A significant Hindu festival known as Ramnavmi is observed every year to commemorate the birth of Lord Rama, one of Hinduism’s most beloved deities. Normally, it takes place in the Hindu month of Chaitra, which occurs in either March or April according to the Gregorian calendar.
In India and other places where Hinduism is followed, the festival is observed in various ways. Here are some of the main components and customs related to Ramnavmi:
Hindu legend holds that Lord Rama was born to King Dasharatha and Queen Kausalya in the city of Ayodhya on the ninth day of the Hindu month of Chaitra. The seventh manifestation of Lord Vishnu, one of Hinduism’s three main deities, is thought to be Lord Rama.
Celebrations and rituals: On Ramnavmi, followers of Lord Rama typically observe fasts, engage in puja (worship) rituals, and repeat hymns and mantras in his praise. A lot of people also attend Lord Rama shrine visits, processions, and cultural events.
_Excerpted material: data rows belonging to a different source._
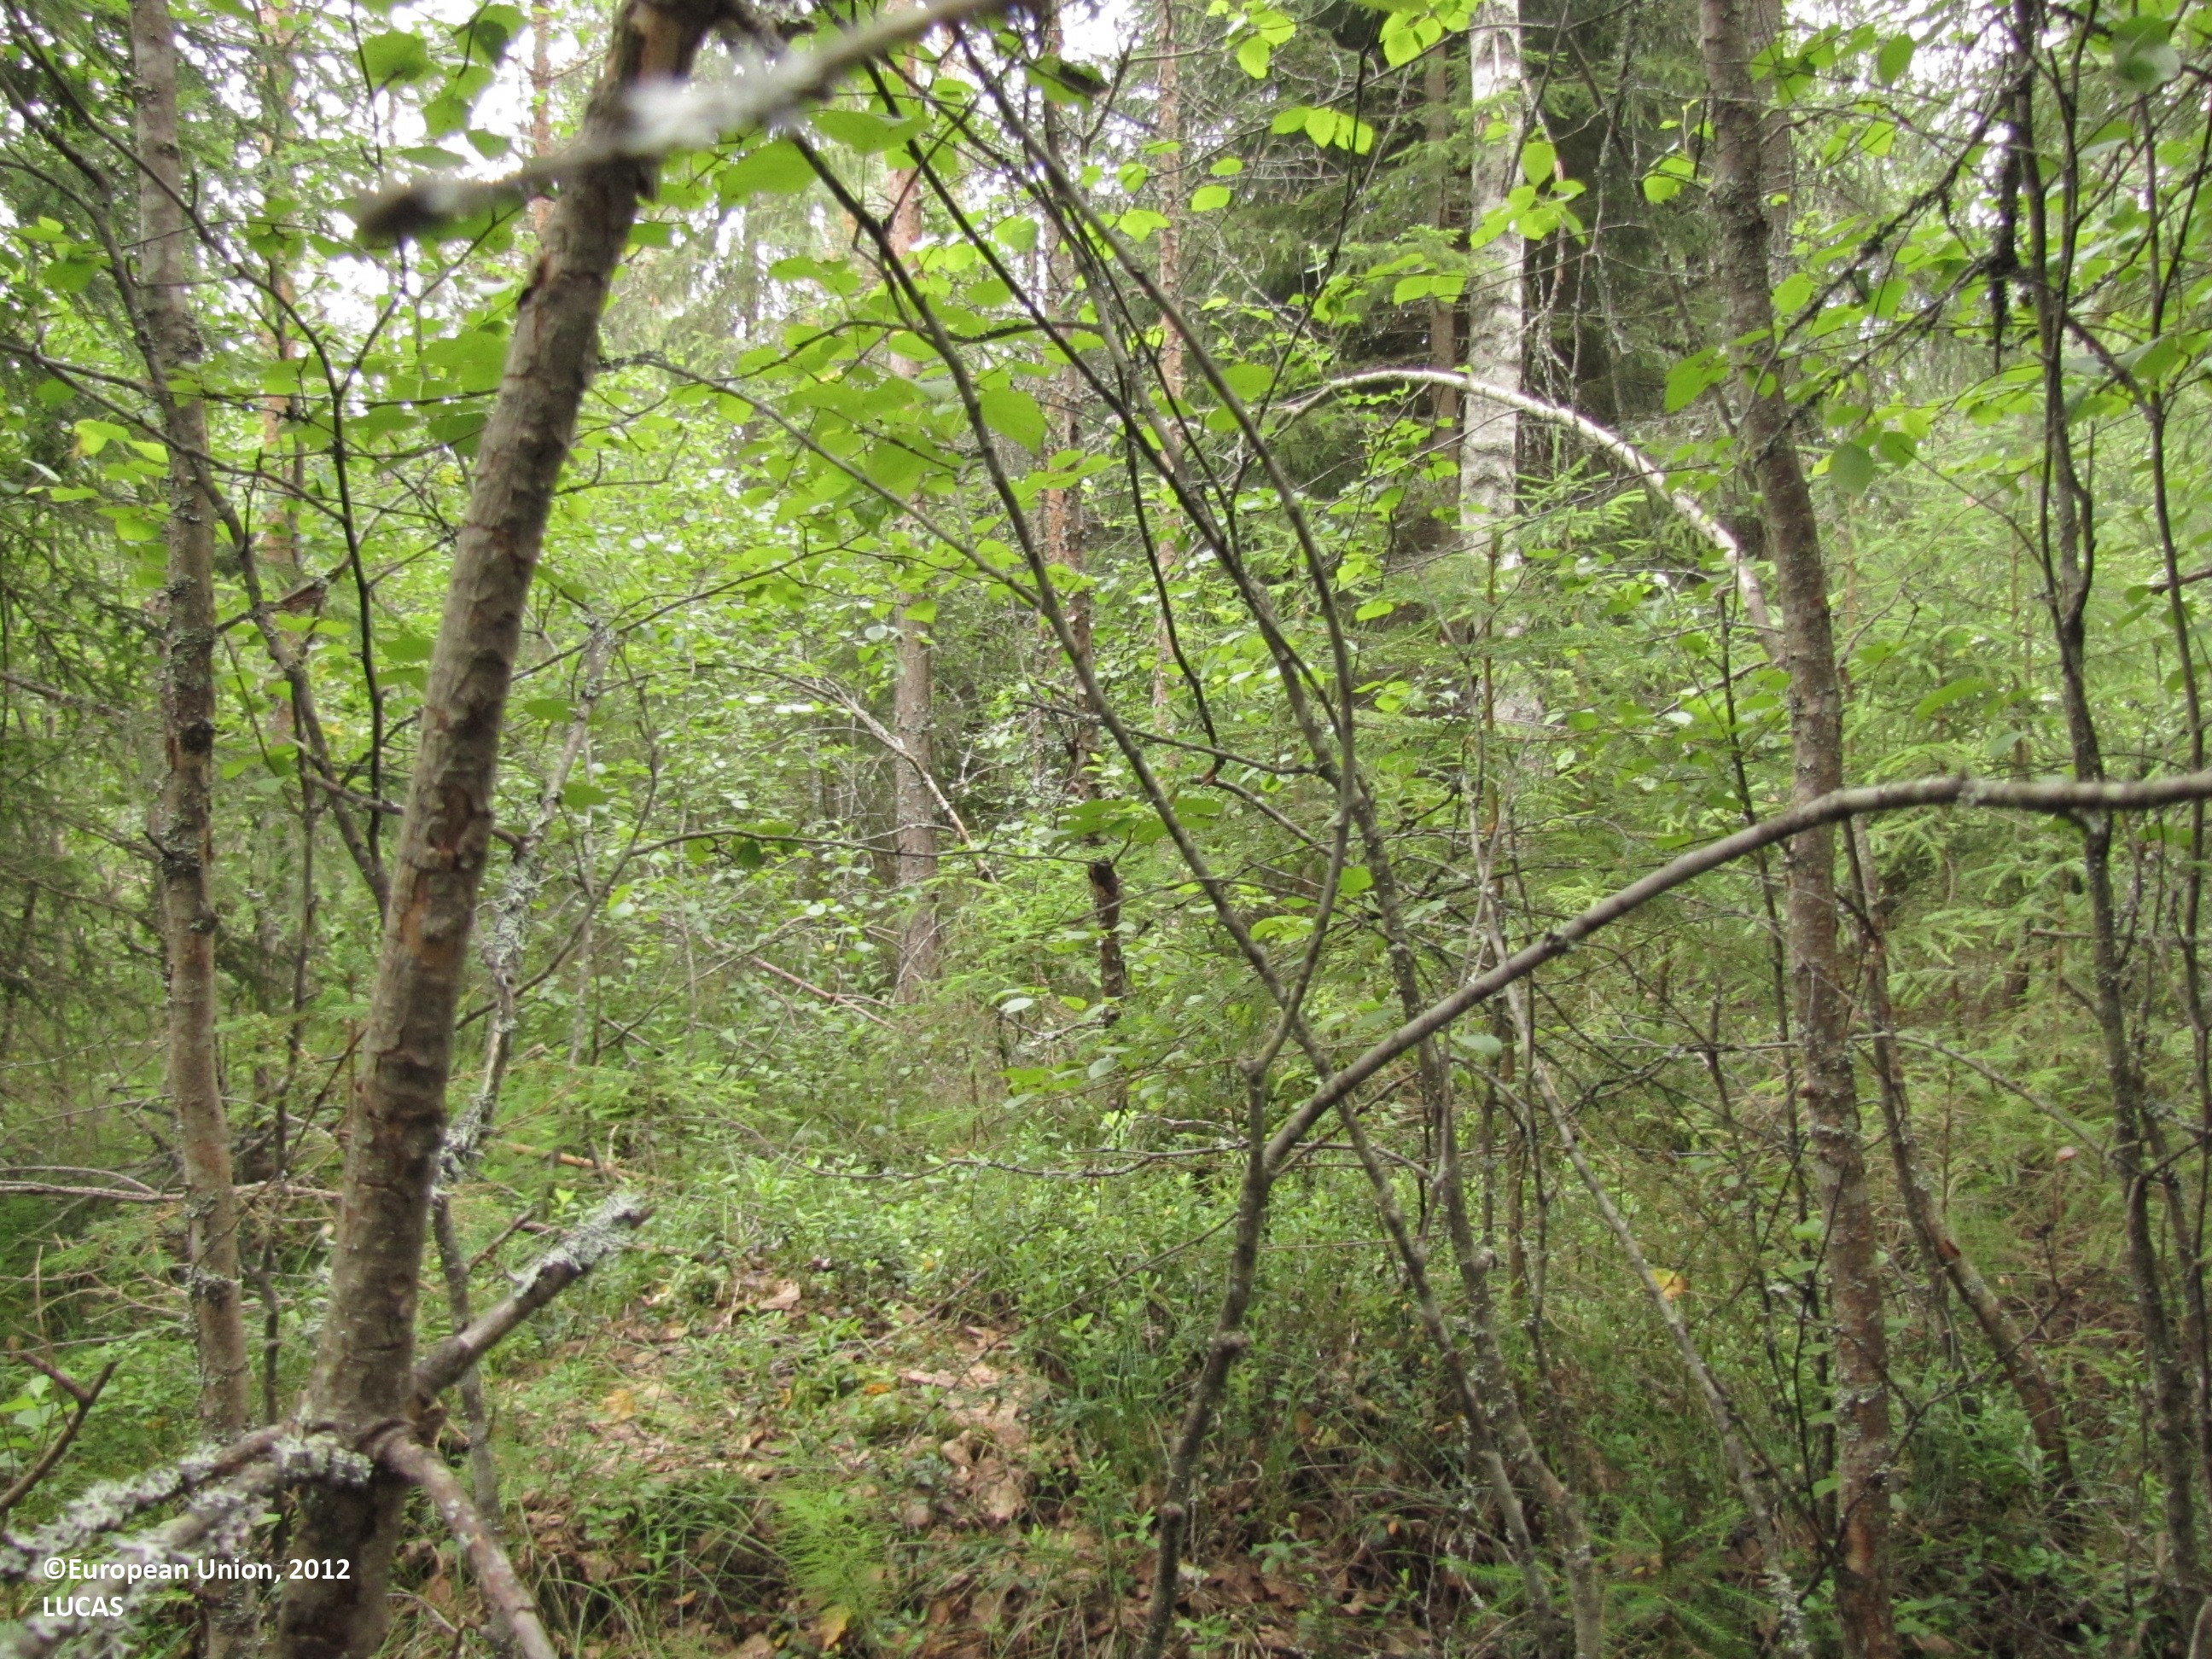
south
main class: Woodland
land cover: Pine dominated mixed woodland
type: mire and swamp forests
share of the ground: > 75 %
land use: Forestry
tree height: > 5 m
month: July
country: FI
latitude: 62.2809
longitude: 23.0350
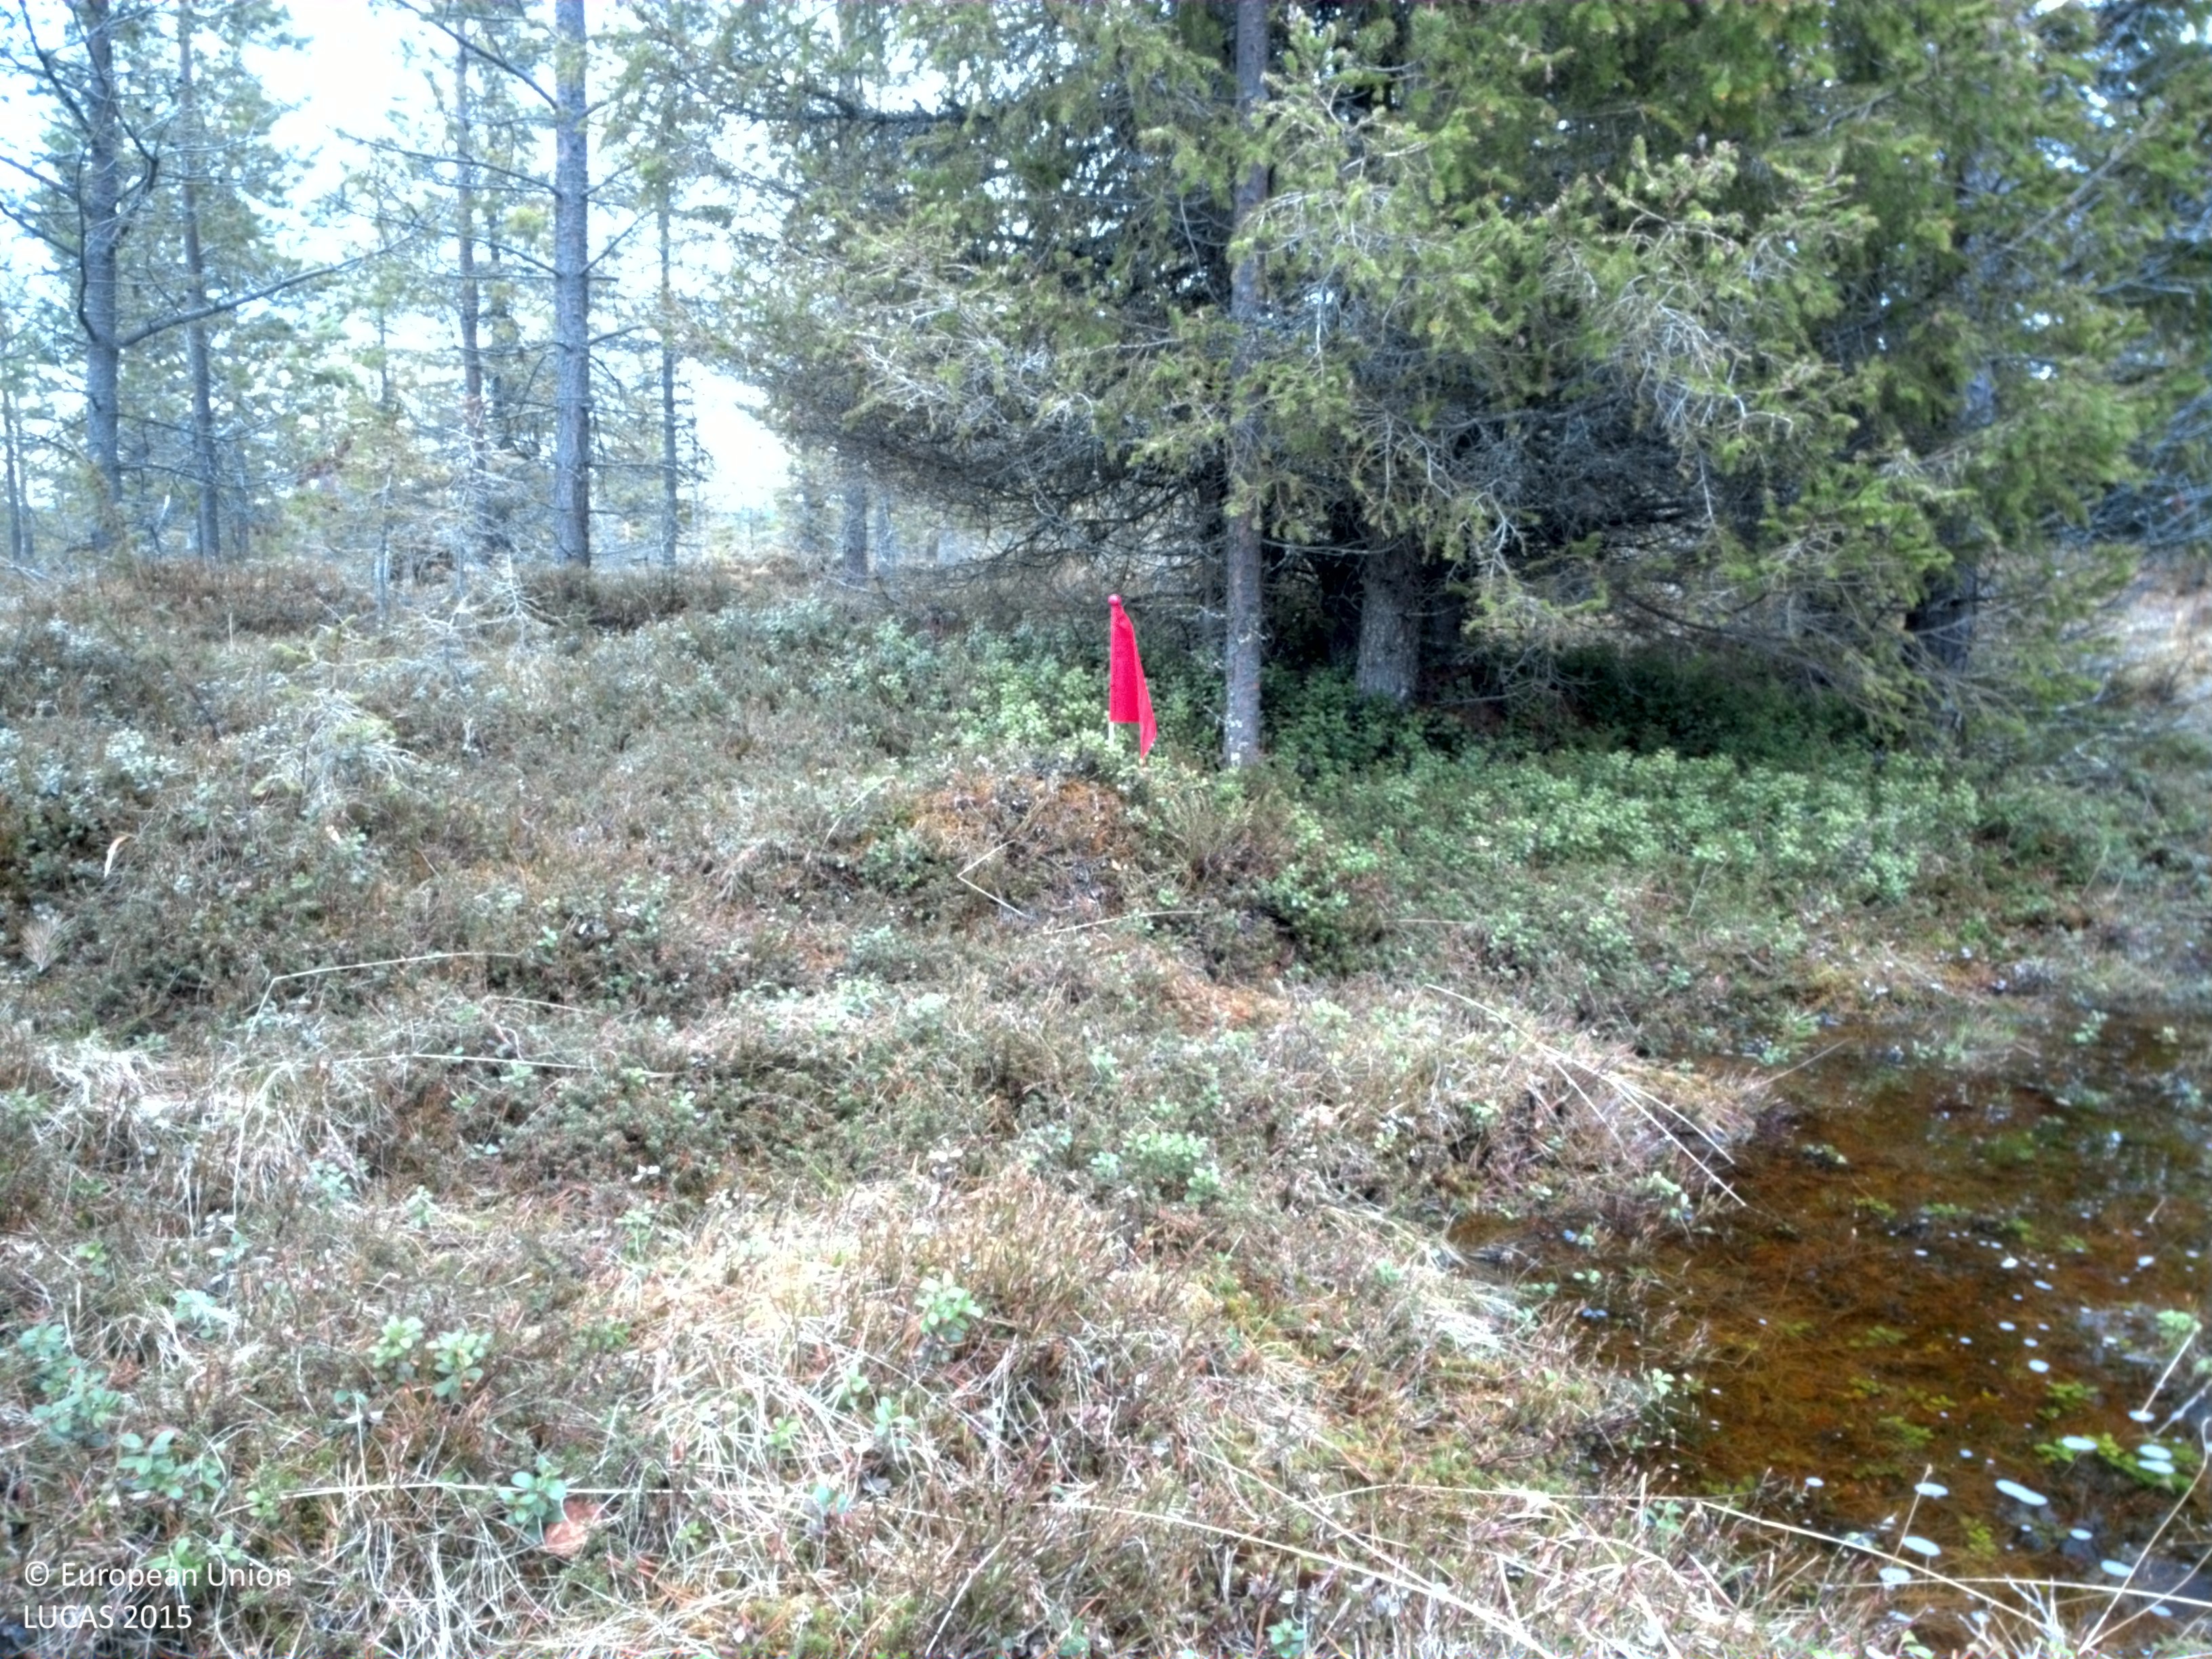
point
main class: Woodland
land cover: Other coniferous woodland
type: boreal forest
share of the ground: 50 - 75 %
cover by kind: coniferous forest trees 75 %, lichens and mosses 15 %, shrubs 10 %
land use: Forestry
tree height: > 5 m
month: June
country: SE
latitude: 66.9059
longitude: 20.9888

Meaning and symbolism: In Hinduism, Lord Rama is viewed as a symbol of justice, valor, and kindness. His life narrative, as told in the epic Ramayana, is thought to contain valuable life lessons.
Regional variations: While the fundamental Ramnavmi customs are the same throughout India, there are a number of regional differences in how the holiday is observed. For instance, Ramnavmi is a festival that is fervently and enthusiastically observed in northern India, especially in the states of Uttar Pradesh and Bihar, with processions, folk dances, and music. In southern India, devotees attend temples and conduct pujas as part of their spiritual and religious practices.
Overall, Ramnavmi is a significant holiday in the Hindu calendar that commemorates the birth of one of Hinduism’s most venerated deities and offers devotees a chance to strengthen their spiritual practices and strengthen their ties to their religion.
This Book is a rare and unique compendium on the theme of Lord Ram who was an incarnation of Lord Vishnu, the Supreme Lord of creation. It would cater to lovers of literature as well as devotees of Lord Ram because it brings under a single roof all major works of Goswami Tulsidas such as Ram Charit Manas, Geetawali, Kavitawali, Dohawali, Barvai Ramayan and Vinai Patrika, as well as Lord Ram’s Upanishad Known as Ram Uttar Tapini Upanishad, the Padma Puran and Anand Ramayan which have wonderful hymns dedicated to the Lord. The present book has three sections section 1 presents the life, time, and deeds of Lord Ram Section 2 has the hymns dedicated to the Lord based on Tulsidas’ books and section 3 has hymns from the Upanishads pertaining to Lord Ram, highlighting his Divinity.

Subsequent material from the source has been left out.